Cette cacophonie n’a pas entamé un tant soit peu la détermination de ma tante.
- Ô gens inutiles. Ô gens réunis sous ce somptueux plafond. Soldats de l’apocalypse, généraux de Khartoum et d’ailleurs, d’Alger, du Caire, de Damas, de Bagdad… Il n’y a pas d’Arabes, il n’y a que des gens blessés et trahis, qui essaient de donner du sens à leur vie. Ô gens inutiles. Ô gens réunis sous ce somptueux plafond. Soldats de l’apocalypse, généraux de Khartoum et d’ailleurs, d’Alger, du Caire, de Damas, de Bagdad… Votre place est dans les casernes.
- Faites taire cette femme, se sont mis à hurler les soldats de l’apocalypse.
- J’en ai assez de vos désaccords et de vos guerres. Parviendrez-vous une seule fois à vous mettre d’accord? Vous êtes la risée du monde, vous pourriez pourtant être une force considérable.
- Qu’est-ce qu’on attend pour la faire taire? s’est mis à crier un général de Khartoum.
- Cessez d’instrumentaliser nos peurs et de brandir votre bâton de général à la face de ceux qui refusent de vous suivre.
- Qui lui a permis d’entrer ici? a répété rouge de rage un soldat d’Alger.
- Ô gens inutiles, faites une seule belle action dans votre vie.
- Il faut la jeter dans un trou et oublier que cette vieille folle a jamais existé, a recommandé un caporal et futur général de Damas ou de Bagdad.
Voici un bref extrait de la tirade que ma tante a livrée à ces gens:
- Soldats de l’apocalypse, généraux de Khartoum et d’ailleurs, d’Alger, du Caire, de Damas, de Bagdad… Vendez cette somptueuse bâtisse et faites le meilleur usage de l’argent qu’elle rapportera. Gardez vos mensonges. Je n’ai besoin ni de votre mémoire ni de vos glorieuses batailles. Laissez-moi pleurer mes morts. Laissez-moi avec mes défaites! Ne vous souciez pas de moi! Prenez note de mes récriminations et, de grâce, ne parlez plus en mon nom. Ô gens inutiles! Soldats de l’apocalypse, généraux de Khartoum et d’ailleurs, d’Alger, du Caire, de Damas, de Bagdad… Oubliez-moi quand vous parlez de la glorieuse nation arabe. Respectez une vieille femme qui ne vous a jamais donné un blanc-seing pour parler d’elle. Et rappelez-vous que servir n’est pas asservir ni mentir. J’ai fait des milliers de kilomètres pour vous dire ça et je me sens mieux maintenant. Allez, ouste, je m’en vais, je n’ai que trop parlé et vous m’avez parfaitement entendue. Moyennant quoi, je vous salue bien bas.

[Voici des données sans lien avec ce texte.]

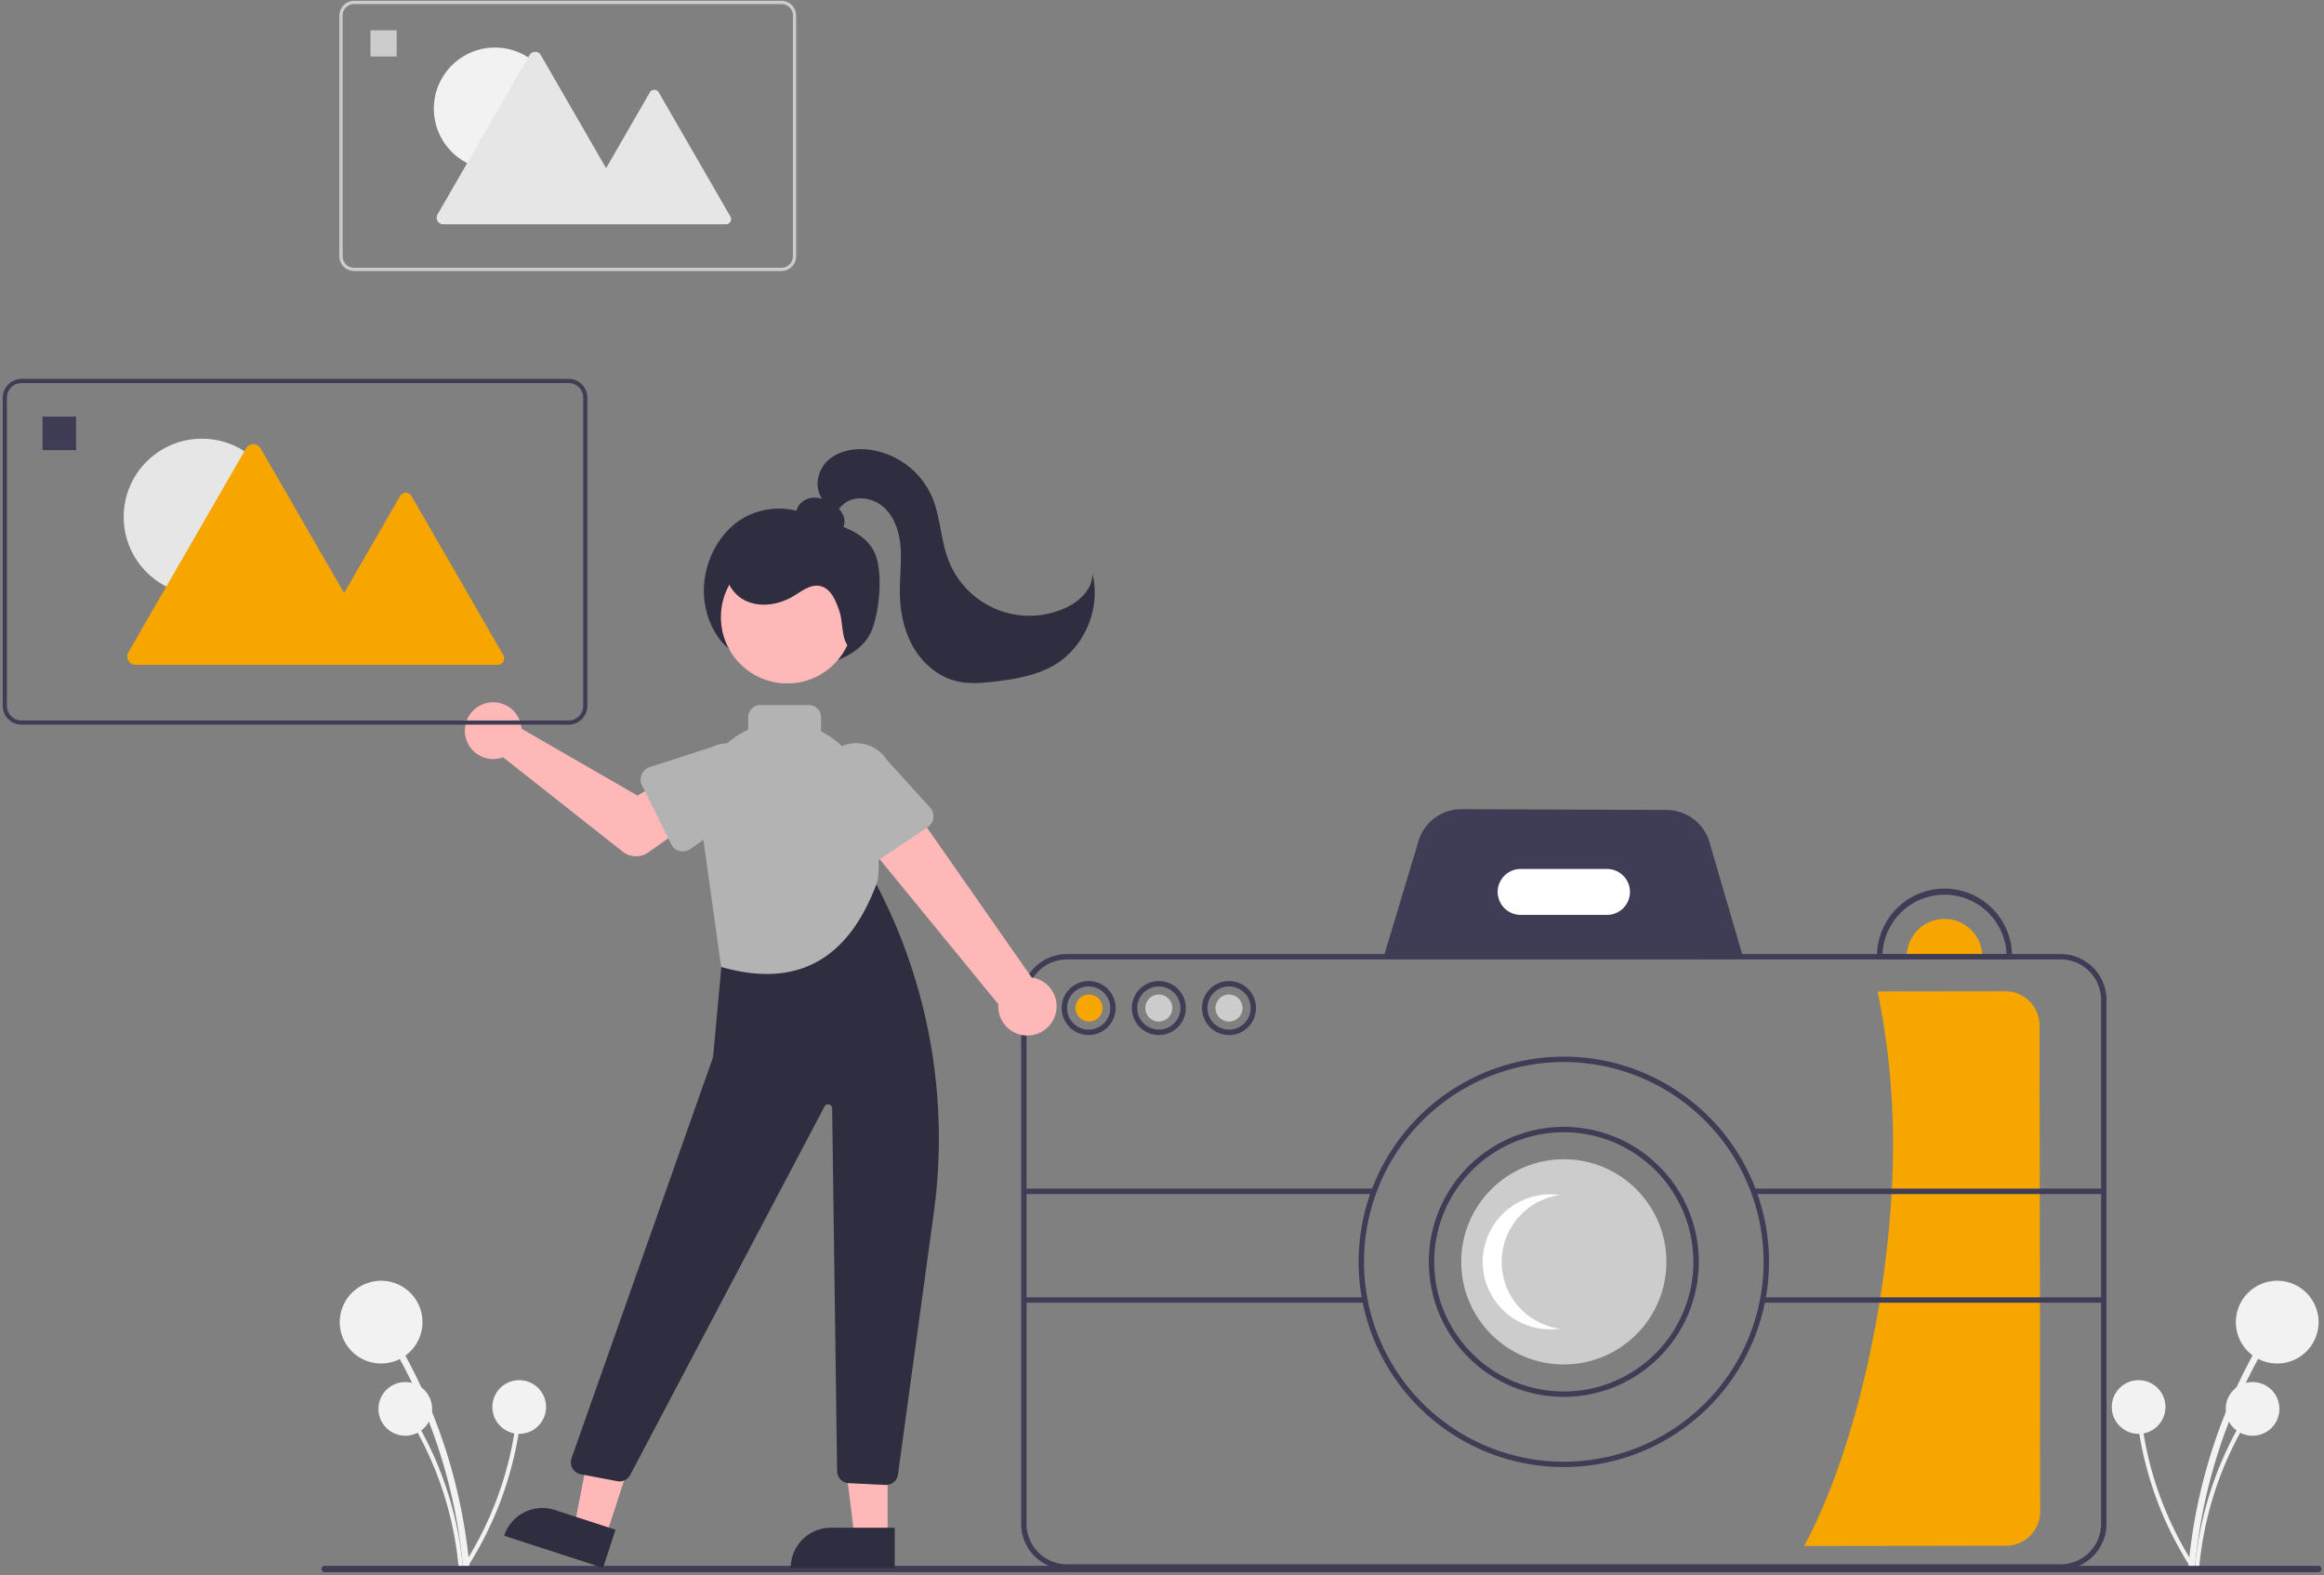 <svg xmlns="http://www.w3.org/2000/svg" width="425" height="288" fill="none"><rect width="100%" height="100%" fill="#808080" stroke="none"/><g clip-path="url(#a)"><g clip-path="url(#b)"><path fill="#F2F2F2" d="M401.408 286.341a98.053 98.053 0 0 1 8.115-30.945 97.698 97.698 0 0 1 4.032-8.003.599.599 0 0 0-1.032-.603 99.42 99.42 0 0 0-11.061 30.516c-.553 2.99-.969 6.002-1.248 9.035-.071.765 1.124.76 1.194 0Z"/><path fill="#F2F2F2" d="M416.446 249.307a7.563 7.563 0 1 0 0-15.127 7.563 7.563 0 0 0-7.563 7.563 7.563 7.563 0 0 0 7.563 7.564ZM402.179 286.54a63.606 63.606 0 0 1 5.265-20.075c.792-1.77 1.663-3.5 2.615-5.192a.387.387 0 0 0-.669-.391 64.49 64.49 0 0 0-7.176 19.797 64.855 64.855 0 0 0-.81 5.861c-.046.497.729.493.775 0Z"/><path fill="#F2F2F2" d="M411.938 262.517a4.907 4.907 0 1 0 0-9.814 4.907 4.907 0 0 0 0 9.814ZM401.203 286.077a63.607 63.607 0 0 1-8.197-19.067 63.802 63.802 0 0 1-1.131-5.703.384.384 0 0 0-.433-.319.385.385 0 0 0-.335.423 64.486 64.486 0 0 0 6.518 20.022 64.714 64.714 0 0 0 2.967 5.12c.269.42.878-.059.611-.476Z"/><path fill="#F2F2F2" d="M391.098 262.171a4.907 4.907 0 1 0 0-9.814 4.907 4.907 0 0 0 0 9.814ZM84.648 286.341a98.047 98.047 0 0 0-8.115-30.945 97.95 97.95 0 0 0-4.032-8.003.597.597 0 0 1 1.032-.603 99.399 99.399 0 0 1 11.06 30.516c.554 2.99.97 6.002 1.249 9.035.07.765-1.124.76-1.194 0Z"/><path fill="#F2F2F2" d="M69.61 249.307a7.564 7.564 0 1 0 0-15.127 7.564 7.564 0 0 0 0 15.127ZM83.872 286.54a63.6 63.6 0 0 0-5.265-20.075 63.49 63.49 0 0 0-2.615-5.192.388.388 0 0 1 .669-.391 64.485 64.485 0 0 1 7.176 19.797c.359 1.94.629 3.894.81 5.861.046.497-.73.493-.775 0Z"/><path fill="#F2F2F2" d="M74.118 262.517a4.907 4.907 0 1 0 0-9.814 4.907 4.907 0 0 0 0 9.814ZM84.852 286.077a63.617 63.617 0 0 0 8.196-19.067 63.59 63.59 0 0 0 1.131-5.703.388.388 0 0 1 .768.104 64.486 64.486 0 0 1-6.518 20.022 64.555 64.555 0 0 1-2.967 5.12c-.269.42-.878-.059-.61-.476Z"/><path fill="#F2F2F2" d="M94.954 262.171a4.907 4.907 0 1 0 0-9.814 4.907 4.907 0 0 0 0 9.814Z"/><path fill="#F7A600" d="m372.977 187.462.118 88.929a6.23 6.23 0 0 1-6.217 6.236l-36.94.054c10.399-19.453 16.287-50.072 16.252-73.674a138.863 138.863 0 0 0-2.825-27.729l23.376-.034a6.236 6.236 0 0 1 6.236 6.218Z"/><path fill="#3F3D56" d="M423.914 287.473H59.391a.591.591 0 0 1-.586-.588.587.587 0 0 1 .586-.588h364.523a.589.589 0 1 1 0 1.176ZM318.846 175.309l-65.834-.258 6.401-21.298a8.198 8.198 0 0 1 7.803-5.802h.031l37.576.148a8.194 8.194 0 0 1 7.789 5.863l6.234 21.347Z"/><path fill="#F7A600" d="M355.6 168.02a6.914 6.914 0 0 0-6.912 6.912h13.824a6.914 6.914 0 0 0-6.912-6.912Z"/><path fill="#3F3D56" d="M376.831 287.012H195.136a8.405 8.405 0 0 1-8.394-8.394v-95.785a8.406 8.406 0 0 1 8.394-8.394h181.695a8.403 8.403 0 0 1 8.394 8.394v95.785a8.403 8.403 0 0 1-8.394 8.394ZM195.136 175.427a7.413 7.413 0 0 0-7.406 7.406v95.785a7.412 7.412 0 0 0 7.406 7.406h181.695a7.413 7.413 0 0 0 7.406-7.406v-95.785a7.412 7.412 0 0 0-7.406-7.406H195.136Z"/><path fill="#fff" d="M293.883 167.28h-15.8a4.195 4.195 0 1 1 0-8.393h15.8a4.198 4.198 0 0 1 2.968 7.164 4.198 4.198 0 0 1-2.968 1.229Z"/><path fill="#3F3D56" d="M285.981 268.247a37.519 37.519 0 0 1-34.668-23.164 37.523 37.523 0 0 1 27.348-51.163 37.516 37.516 0 0 1 21.68 2.136 37.517 37.517 0 0 1 23.164 34.667 37.562 37.562 0 0 1-11.003 26.521 37.562 37.562 0 0 1-26.521 11.003Zm0-74.06a36.538 36.538 0 1 0 36.537 36.536 36.579 36.579 0 0 0-36.537-36.536Z"/><path fill="#3F3D56" d="M285.98 255.413a24.686 24.686 0 1 1 20.526-38.402 24.68 24.68 0 0 1 4.161 13.715 24.718 24.718 0 0 1-24.687 24.687Zm0-48.386a23.696 23.696 0 0 0-21.896 14.63 23.698 23.698 0 0 0 5.138 25.827 23.697 23.697 0 0 0 36.463-3.591 23.704 23.704 0 0 0 3.994-13.167 23.726 23.726 0 0 0-23.699-23.699Z"/><path fill="#CCC" d="M285.981 249.485c10.362 0 18.762-8.4 18.762-18.762s-8.4-18.762-18.762-18.762-18.762 8.4-18.762 18.762 8.4 18.762 18.762 18.762Z"/><path fill="#fff" d="M274.622 230.724a12.348 12.348 0 0 1 10.615-12.22 12.342 12.342 0 0 0-9.828 21.543 12.356 12.356 0 0 0 9.828 2.898 12.344 12.344 0 0 1-10.615-12.221Z"/><path fill="#3F3D56" d="M367.945 175.427h-24.687v-.494a12.344 12.344 0 1 1 24.687 0v.494Zm-23.689-.987h22.691a11.357 11.357 0 0 0-22.691 0ZM199.086 189.252a4.94 4.94 0 0 1-4.843-5.901 4.94 4.94 0 0 1 8.948-1.78 4.935 4.935 0 0 1-.616 6.233 4.941 4.941 0 0 1-3.489 1.448Zm0-8.888a3.954 3.954 0 0 0-3.649 2.439 3.945 3.945 0 0 0 .856 4.304 3.94 3.94 0 0 0 2.022 1.081 3.943 3.943 0 0 0 4.055-1.679 3.95 3.95 0 0 0-.493-4.986 3.954 3.954 0 0 0-2.791-1.159Z"/><path fill="#F7A600" d="M199.086 186.781a2.47 2.47 0 1 0 0-4.938 2.47 2.47 0 0 0 0 4.938Z"/><path fill="#CCC" d="M211.922 186.781a2.468 2.468 0 1 0 0-4.937 2.468 2.468 0 0 0 0 4.937ZM224.758 186.781a2.468 2.468 0 1 0 0-4.937 2.468 2.468 0 0 0 0 4.937Z"/><path fill="#3F3D56" d="M211.922 189.252a4.94 4.94 0 0 1-4.843-5.901 4.94 4.94 0 0 1 8.948-1.78 4.935 4.935 0 0 1-.616 6.233 4.941 4.941 0 0 1-3.489 1.448Zm0-8.888a3.954 3.954 0 0 0-3.649 2.439 3.945 3.945 0 0 0 .856 4.304 3.94 3.94 0 0 0 2.022 1.081 3.943 3.943 0 0 0 4.055-1.679c.434-.65.666-1.413.666-2.195a3.954 3.954 0 0 0-3.95-3.95ZM224.758 189.252a4.94 4.94 0 0 1-4.843-5.901 4.942 4.942 0 0 1 6.732-3.598 4.942 4.942 0 0 1 3.048 4.561 4.941 4.941 0 0 1-4.937 4.938Zm0-8.888a3.951 3.951 0 0 0-2.793 6.743 3.94 3.94 0 0 0 2.022 1.081 3.943 3.943 0 0 0 4.055-1.679c.434-.65.666-1.413.666-2.195a3.954 3.954 0 0 0-3.95-3.95ZM251.42 217.332h-64.186v.988h64.186v-.988ZM249.826 237.205h-62.592v.988h62.592v-.988ZM384.729 217.332h-64.186v.988h64.186v-.988ZM384.615 237.205h-62.592v.988h62.592v-.988Z"/><path fill="#2F2E41" d="M135.207 119.868c-4.004-1.839-6.636-7.098-6.486-12.284.15-5.187 2.879-10.037 6.644-12.51a13.155 13.155 0 0 1 12.451-.942c4.04 1.72 9.465 2.188 11.893 6.463 1.866 3.285 1.194 10.613-.127 14.265-1.142 3.157-3.935 4.936-6.658 5.931a22.373 22.373 0 0 1-9.422 1.266 22.367 22.367 0 0 1-9.098-2.758"/><path fill="#FFB8B8" d="m110.792 280.941-5.757-1.873 4.484-23.093 8.496 2.764-7.223 22.202Z"/><path fill="#2F2E41" d="m101.458 276.086 11.102 3.612-2.274 6.99-18.091-5.886a7.353 7.353 0 0 1 6.416-5.054c.962-.075 1.929.04 2.847.338Z"/><path fill="#FFB8B8" d="M162.323 281.067h-6.053l-2.879-23.348h8.933l-.001 23.348Z"/><path fill="#2F2E41" d="M151.948 279.336h11.674v7.35h-19.024a7.36 7.36 0 0 1 2.152-5.197 7.359 7.359 0 0 1 5.198-2.153ZM162.02 271.514a2.02 2.02 0 0 1-.11-.003l-6.708-.32a2.223 2.223 0 0 1-2.115-2.188l-.909-66.354a.744.744 0 0 0-.568-.71.742.742 0 0 0-.828.375l-35.529 67.366a2.21 2.21 0 0 1-2.38 1.146l-6.676-1.272a2.225 2.225 0 0 1-1.68-2.922l25.887-73.345 1.992-21.697a2.203 2.203 0 0 1 1.943-1.999c7.543-.927 18.083-7.107 22.264-9.722a2.206 2.206 0 0 1 2.557.148c.24.191.439.428.584.699a100.11 100.11 0 0 1 10.999 61.212l-6.526 47.665a2.21 2.21 0 0 1-2.197 1.921Z"/><path fill="#FFB8B8" d="M143.963 124.966c6.697 0 12.126-5.429 12.126-12.126 0-6.698-5.429-12.127-12.126-12.127-6.698 0-12.127 5.429-12.127 12.127 0 6.697 5.429 12.126 12.127 12.126Z"/><path fill="#B3B3B3" d="m131.882 176.802-3.651-26.091a15.325 15.325 0 0 1 11.59-18.307 15.324 15.324 0 0 1 18.317 11.575c1.04 4.823 3.153 10.694 2.381 17.024-5.408 15.009-15.225 19.636-28.637 15.799Z"/><path fill="#B3B3B3" d="M147.929 136.316h-8.887a2.222 2.222 0 0 1-2.222-2.222v-2.962a2.223 2.223 0 0 1 2.222-2.222h8.887a2.227 2.227 0 0 1 2.222 2.222v2.962a2.226 2.226 0 0 1-2.222 2.222Z"/><path fill="#FFB8B8" d="M192.966 185.631a5.306 5.306 0 0 0-.54-4.455 5.308 5.308 0 0 0-3.763-2.446L161 139.125l-8.203 8.109 29.772 36.381a5.332 5.332 0 0 0 10.397 2.016Z"/><path fill="#B3B3B3" d="m169.652 151.241-9.99 6.669a2.39 2.39 0 0 1-1.956.313 2.372 2.372 0 0 1-1.515-1.275l-5.117-10.827a6.603 6.603 0 0 1 6.815-10.109 6.608 6.608 0 0 1 4.193 2.807l8.013 8.848a2.377 2.377 0 0 1-.443 3.574Z"/><path fill="#FFB8B8" d="M95.24 132.417c.061.267.1.537.119.81l21.209 12.236 5.156-2.968 5.495 7.195-8.615 6.141a3.95 3.95 0 0 1-4.739-.116l-21.871-17.254a5.179 5.179 0 0 1-6.95-4.283 5.182 5.182 0 0 1 10.196-1.761Z"/><path fill="#B3B3B3" d="m122.732 154.351-5.329-10.765a2.382 2.382 0 0 1 1.4-3.318l11.395-3.683a6.607 6.607 0 0 1 8.824 3.023 6.606 6.606 0 0 1-2.998 8.833l-9.804 6.809a2.388 2.388 0 0 1-2.855-.107 2.399 2.399 0 0 1-.633-.792Z"/><path fill="#2F2E41" d="M152.099 97.565a2.005 2.005 0 0 0 2.131-1.19 2.893 2.893 0 0 0-.205-2.536 5.3 5.3 0 0 0-1.864-1.829 6.126 6.126 0 0 0-2.954-1.016 3.684 3.684 0 0 0-2.86 1.086 2.652 2.652 0 0 0-.48 2.927c.443.855 1.374 1.334 2.28 1.66 1.799.644 3.714.896 5.618.738M155.979 118.358c-2.12.1-1.755-4.398-2.418-6.413-.663-2.016-1.578-4.42-3.664-4.806-1.71-.317-3.255.933-4.744 1.831-2.655 1.599-6.091 2.189-8.878.834-2.788-1.355-4.483-4.975-3.127-7.763a6.35 6.35 0 0 1 3.974-3.13 12.792 12.792 0 0 1 5.166-.249 26.426 26.426 0 0 1 10.805 3.83c2.263 1.419 4.415 3.351 5.089 5.935.673 2.584.948 9.611-1.686 10.056l-.517-.125Z"/><path fill="#2F2E41" d="M150.436 91.309c-1.601-2.03-.998-5.228.868-7.017 1.866-1.789 4.641-2.346 7.216-2.119a14.626 14.626 0 0 1 11.862 8.53c1.627 3.722 1.613 7.98 3.085 11.766a15.877 15.877 0 0 0 8.845 8.964 15.867 15.867 0 0 0 12.588-.302c2.562-1.181 5.001-3.494 4.855-6.311 1.619 6.244-1.298 13.386-6.825 16.712-3.238 1.947-7.072 2.608-10.823 3.063-2.444.297-4.956.518-7.342-.093-3.337-.855-6.131-3.318-7.823-6.319-1.692-3.001-2.357-6.498-2.383-9.943-.02-2.683.331-5.368.146-8.046-.186-2.677-.991-5.446-2.932-7.3-1.94-1.853-5.215-2.463-7.345-.83-.856.656-1.484 1.614-2.447 2.098-.964.484-2.487.107-2.551-.97l1.006-1.883Z"/><path fill="#3F3D56" d="M103.969 132.502H3.949A3.45 3.45 0 0 1 .5 129.054V72.72a3.453 3.453 0 0 1 3.449-3.448h100.02a3.455 3.455 0 0 1 3.449 3.448v56.334a3.453 3.453 0 0 1-3.449 3.448ZM3.949 70.038a2.686 2.686 0 0 0-2.683 2.682v56.334a2.682 2.682 0 0 0 2.683 2.682h100.02a2.687 2.687 0 0 0 2.682-2.682V72.72a2.681 2.681 0 0 0-2.682-2.682H3.949Z"/><path fill="#E6E6E6" d="M36.923 108.817c7.9 0 14.302-6.403 14.302-14.302s-6.403-14.302-14.302-14.302-14.302 6.403-14.302 14.302 6.403 14.302 14.302 14.302Z"/><path fill="#F7A600" d="M92.034 119.768 75.245 90.689a1.196 1.196 0 0 0-2.07 0l-10.246 17.746-15.274-26.456a1.534 1.534 0 0 0-2.655 0l-21.525 37.283a1.532 1.532 0 0 0 1.327 2.299H91a1.195 1.195 0 0 0 1.035-1.793Z"/><path fill="#3F3D56" d="M13.913 76.168H7.78v6.131h6.132v-6.131Z"/><path fill="#CCC" d="M142.905 49.555H64.754a2.698 2.698 0 0 1-2.695-2.695V2.843A2.698 2.698 0 0 1 64.754.148h78.151a2.697 2.697 0 0 1 2.695 2.695V46.86a2.7 2.7 0 0 1-2.695 2.695ZM64.754.747a2.098 2.098 0 0 0-2.097 2.096V46.86a2.098 2.098 0 0 0 2.097 2.096h78.151a2.1 2.1 0 0 0 2.096-2.096V2.843a2.095 2.095 0 0 0-2.096-2.096H64.754Z"/><path fill="#F2F2F2" d="M90.515 31.046c6.172 0 11.175-5.004 11.175-11.175 0-6.172-5.003-11.176-11.175-11.176-6.172 0-11.175 5.004-11.175 11.175 0 6.172 5.003 11.176 11.175 11.176Z"/><path fill="#E6E6E6" d="m133.582 39.606-13.118-22.721a.935.935 0 0 0-1.618 0L110.84 30.75 98.905 10.079a1.197 1.197 0 0 0-2.074 0L80.012 39.21a1.198 1.198 0 0 0 1.037 1.797h51.724a.936.936 0 0 0 .934-.934.934.934 0 0 0-.125-.467Z"/><path fill="#CCC" d="M72.537 5.54h-4.79v4.79h4.79V5.54Z"/></g></g><defs><clipPath id="a"><path fill="#fff" d="M.5.148h424v287.323H.5z"/></clipPath><clipPath id="b"><path fill="#fff" d="M.5.148h424v287.323H.5z"/></clipPath></defs></svg>

Soudards incultes et valétudinaires généraux ont continué de hurler de toutes leurs dents pour qu’on arrête cette vieille folle et lui fasse déguster ce qu’elle méritait. Chacun y est allé de son petit couplet pour rendre hommage à la glorieuse nation arabe et justifier l’enfermement de ma tante dans un sous-sol béni.
J’étais face à mon poste de télévision et je suivais cette scène en direct. Ça criait et courait dans tous les sens. Il fallut du temps pour que tout rentre dans l’ordre et que l’harmonie règne de nouveau sur une célébrissime bâtisse.
Ma tante s’est battue comme un tigre du Bengale, puis une escouade d’hommes armés s’est jetée sur elle, pour la menotter et la conduire ensuite dans une cave, mais la tornade a fait faux bond à ses gardiens et elle a passé la nuit, avec Samuel Beckett, au milieu des rails de la Gare centrale, où elle a vécu des aventures qu’elle n’est pas près d’oublier.